I’m not sure what, exactly, you mean by “the real deal.” Is Ron Paul sincere? Far more so than any other major party candidate of the last two presidential election cycles, with the possible exception of Elizabeth Kucinich’s husband. His consistency on the issues puts other politicians to shame, if such creatures were capable of such a condition. Does he have a shot at winning? Yes, but it’s remote. Is he going to win the Republican nomination? Nope.

Is he just another Ross Perot? Yes and no. Yes, in the sense that both are Texans who aren’t going to be President, they both focus heavily on the national debt, and they share initials. But the dissimilarities are legion. Paul is far more ideological than Perot.
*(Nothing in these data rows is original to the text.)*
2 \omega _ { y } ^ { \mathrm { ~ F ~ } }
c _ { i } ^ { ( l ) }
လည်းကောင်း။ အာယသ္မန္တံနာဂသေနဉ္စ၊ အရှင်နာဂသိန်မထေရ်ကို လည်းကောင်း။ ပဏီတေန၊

Paul has consistent, principled stances on a broad array of issues while nobody can remember what Perot talked about aside from the debt. Also, I think (I can’t prove it) that Perot ran due to spite towards George H. W. Bush more than anything else, while Paul is running based on genuine conviction. Furthermore, Paul’s not going to run as a third party candidate.
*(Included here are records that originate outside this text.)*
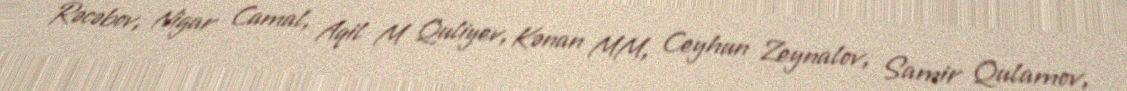
Rəcəbov, Nigar Camal, Aqil M Quliyev, Kənan MM, Ceyhun Zeynalov, Samir Qulamov,
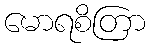
မောရစိတြာ
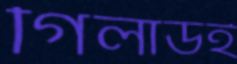
গিলার্ডই
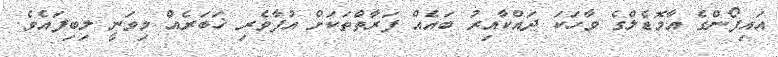
އައިފޯންގެ އާމޮޑެލްގެ ވާހަކަ ދައްކާއިރު ބައެއް ފަރާތްތަކަށް އުފާވެރި ޚަބަރެއް މިވަނީ ލިބިފައެވެ.
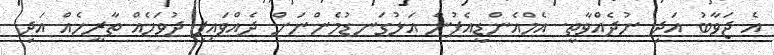
އެ ޖަވާބު އަދި ނުދެއްވާތީ. އެމްއެންޑީއެފުން އަޅުގަނޑުމެންނަށް ދެއްވައިފި ދުވަހެއް ތާރީހެއް އަދި
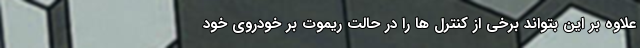
علاوه بر این بتواند برخی از کنترل ها را در حالت ریموت بر خودروی خود
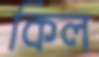
কিল

I remember when Perot was running and everyone was complaining about a debt of around $4 trillion. Good times.

10 comments

  1. If/when Paul fails to achieve the Republican nomination I think it’d be interesting albeit unlikely if he ran for the Libertarian nomination (he has until May 4th!). The additions of big names like Paul and to a lesser extent Gary Johnson could bring about some more significant exposure to the party this election.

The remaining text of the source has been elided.